What this task involves :: Below are records to transcribe in full and unchanged; omit every picture.
== Segment start ==
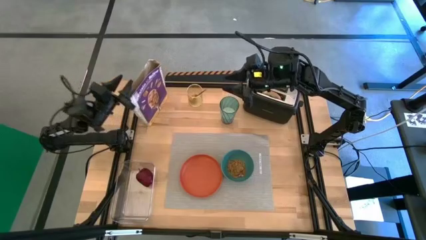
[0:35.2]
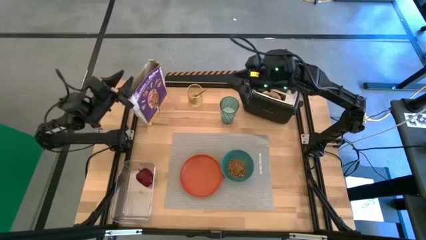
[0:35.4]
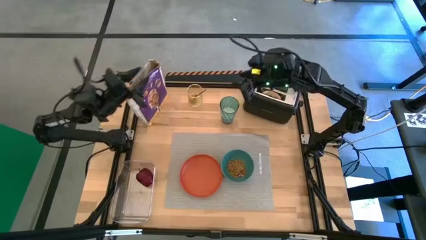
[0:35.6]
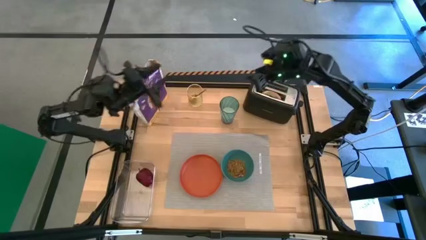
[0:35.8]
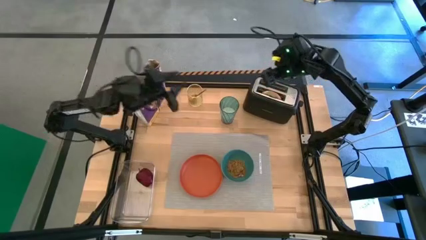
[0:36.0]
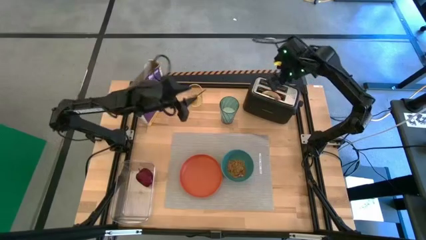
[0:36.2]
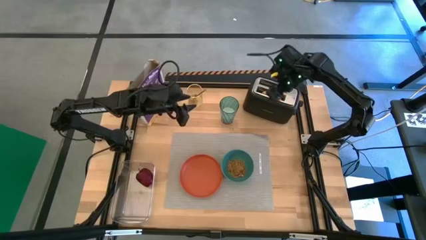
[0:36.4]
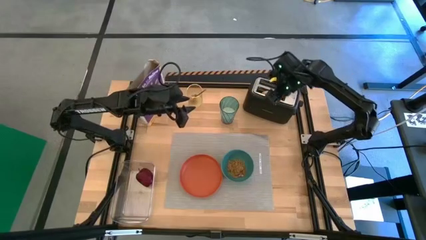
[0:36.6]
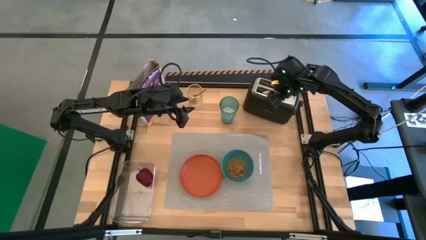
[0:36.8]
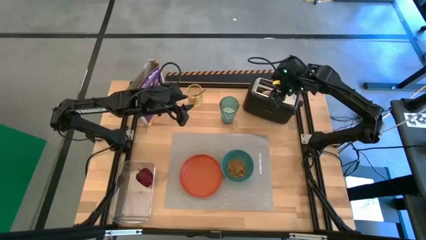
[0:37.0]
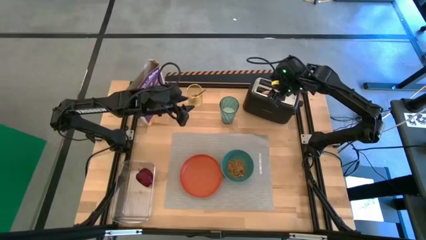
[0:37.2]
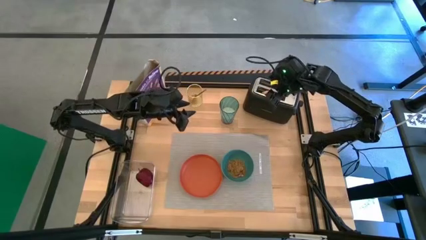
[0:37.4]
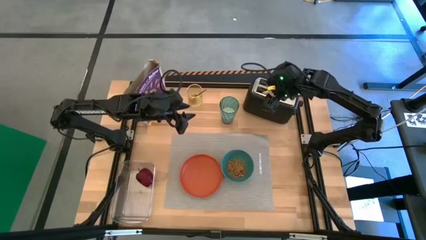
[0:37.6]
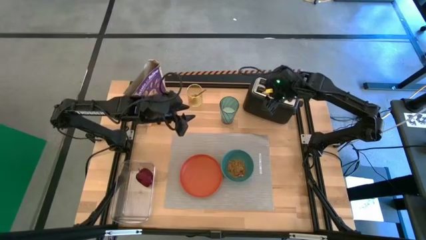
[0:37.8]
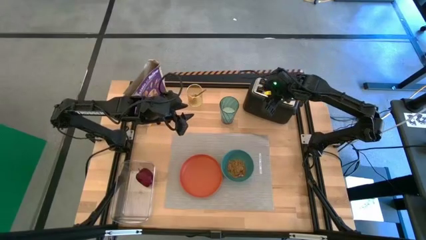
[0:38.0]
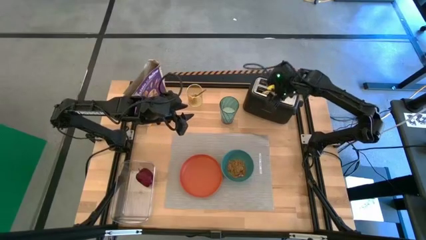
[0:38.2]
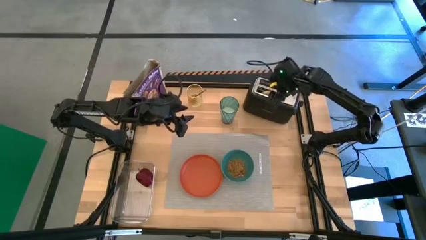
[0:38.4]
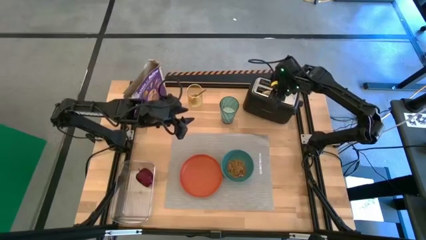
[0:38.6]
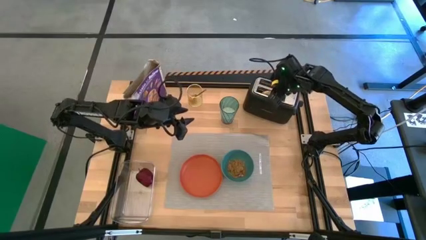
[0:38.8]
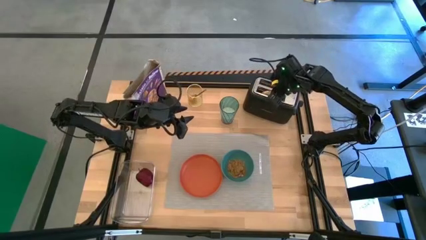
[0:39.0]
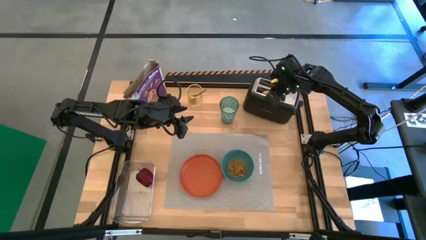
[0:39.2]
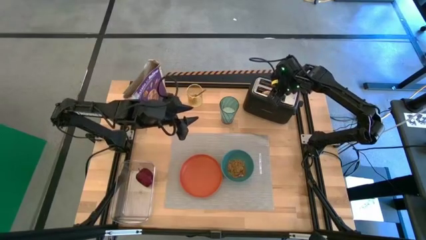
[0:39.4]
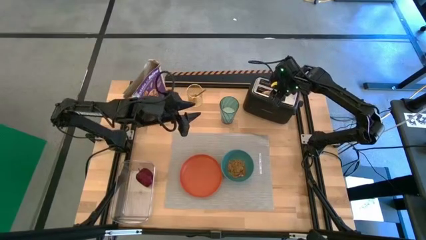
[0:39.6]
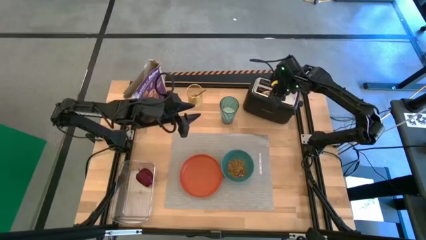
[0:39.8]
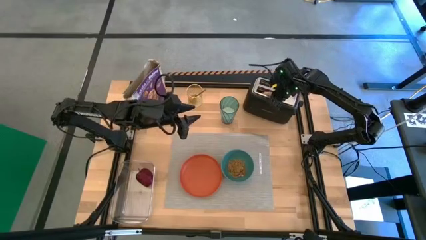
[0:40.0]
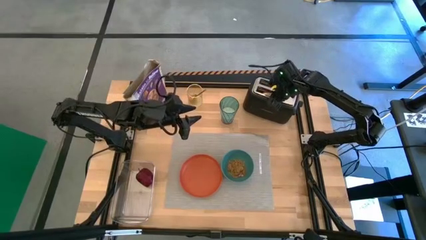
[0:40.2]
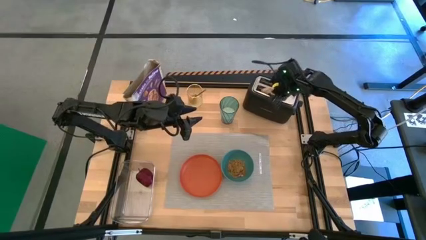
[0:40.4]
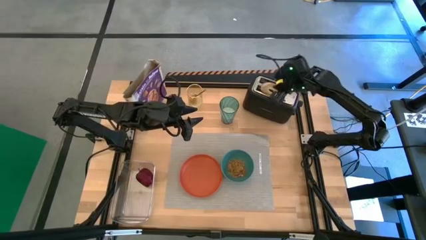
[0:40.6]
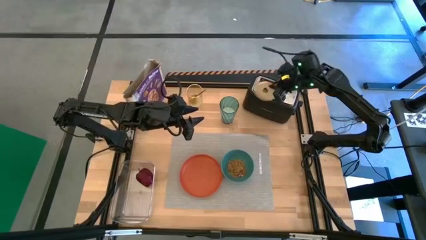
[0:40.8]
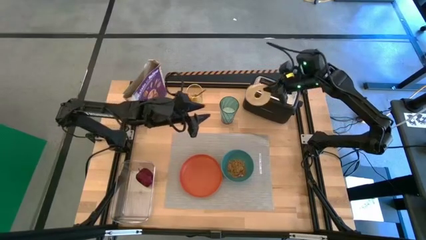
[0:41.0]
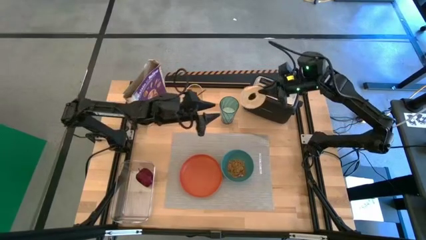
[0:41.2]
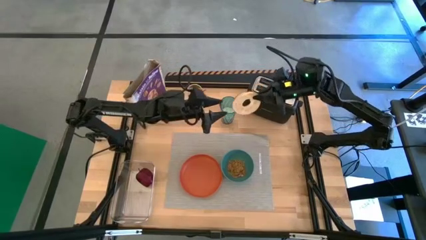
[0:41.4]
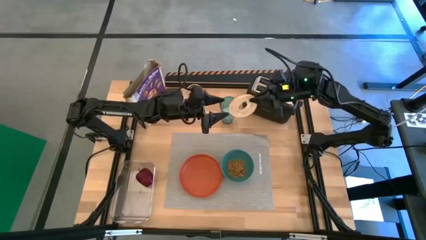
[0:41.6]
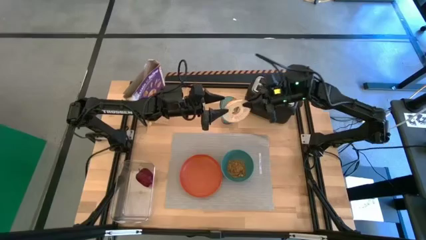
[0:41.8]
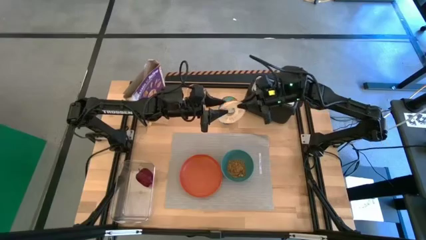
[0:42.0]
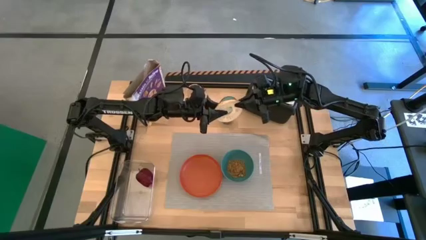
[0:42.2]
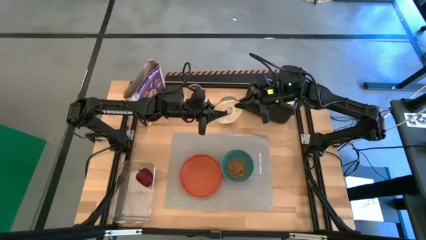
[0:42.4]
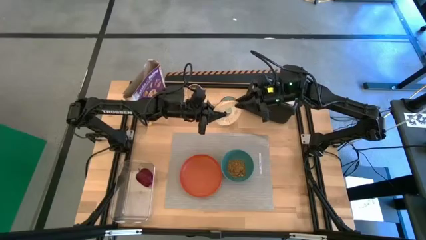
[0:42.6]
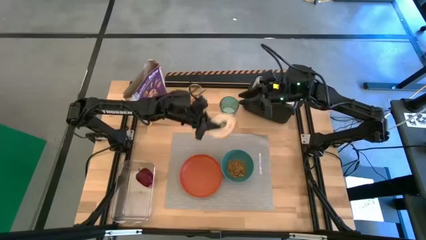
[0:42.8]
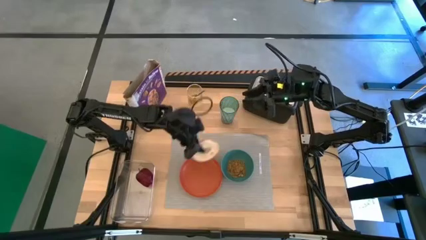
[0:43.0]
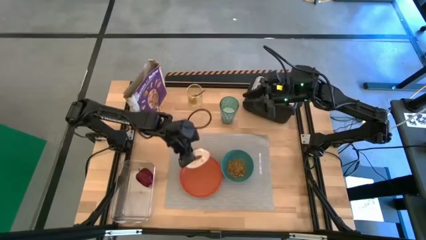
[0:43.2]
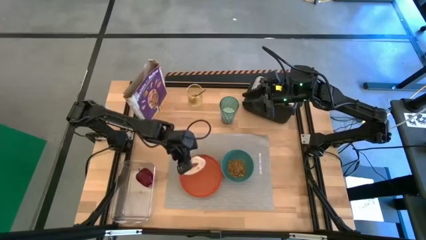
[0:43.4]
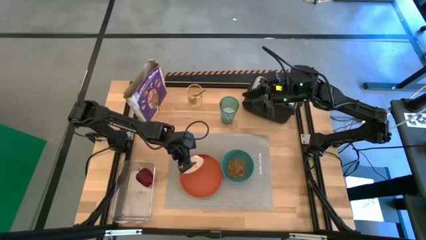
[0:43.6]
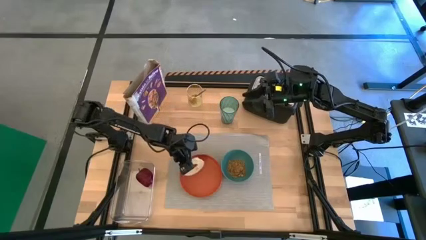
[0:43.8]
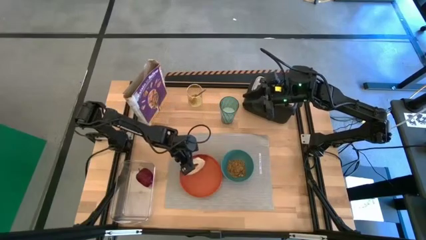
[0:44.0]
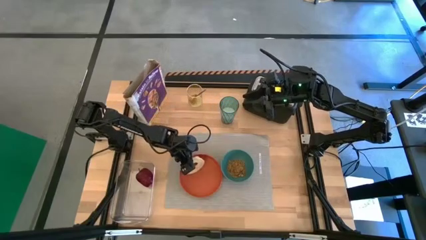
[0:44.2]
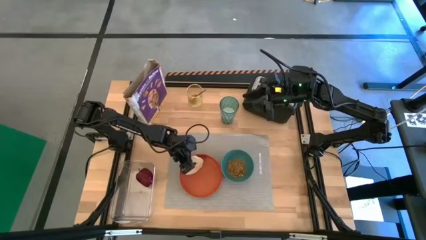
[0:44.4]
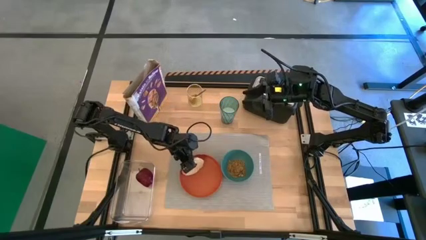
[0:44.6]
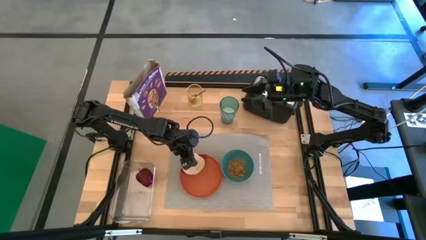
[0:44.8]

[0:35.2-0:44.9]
Task: Arrange a breakfast setting
Put the toasted bagel on the plate from the toaster
== Segment end ==
Problem solution ::
[0:35.2]
[0:35.4]
[0:35.6]
[0:35.8]
[0:36.0]
[0:36.2]
[0:36.4]
[0:36.6]
[0:36.8]
[0:37.0]
[0:37.2]
[0:37.4]
[0:37.6]
[0:37.8]
[0:38.0]
[0:38.2]
[0:38.4]
[0:38.6]
[0:38.8]
[0:39.0]
[0:39.2]
[0:39.4]
[0:39.6]
[0:39.8]
[0:40.0]
[0:40.2]
[0:40.4]
[0:40.6]
[0:40.8]
[0:41.0]
[0:41.2]
[0:41.4]
[0:41.6]
[0:41.8]
[0:42.0]
[0:42.2]
[0:42.4]
[0:42.6]
[0:42.8]
[0:43.0]
[0:43.2]
[0:43.4]
[0:43.6]
[0:43.8]
[0:44.0]
[0:44.2]
[0:44.4]
[0:44.6]
[0:44.8]

[0:35.2-0:44.9]
Task: Arrange a breakfast setting
Put the toasted bagel on the plate from the toaster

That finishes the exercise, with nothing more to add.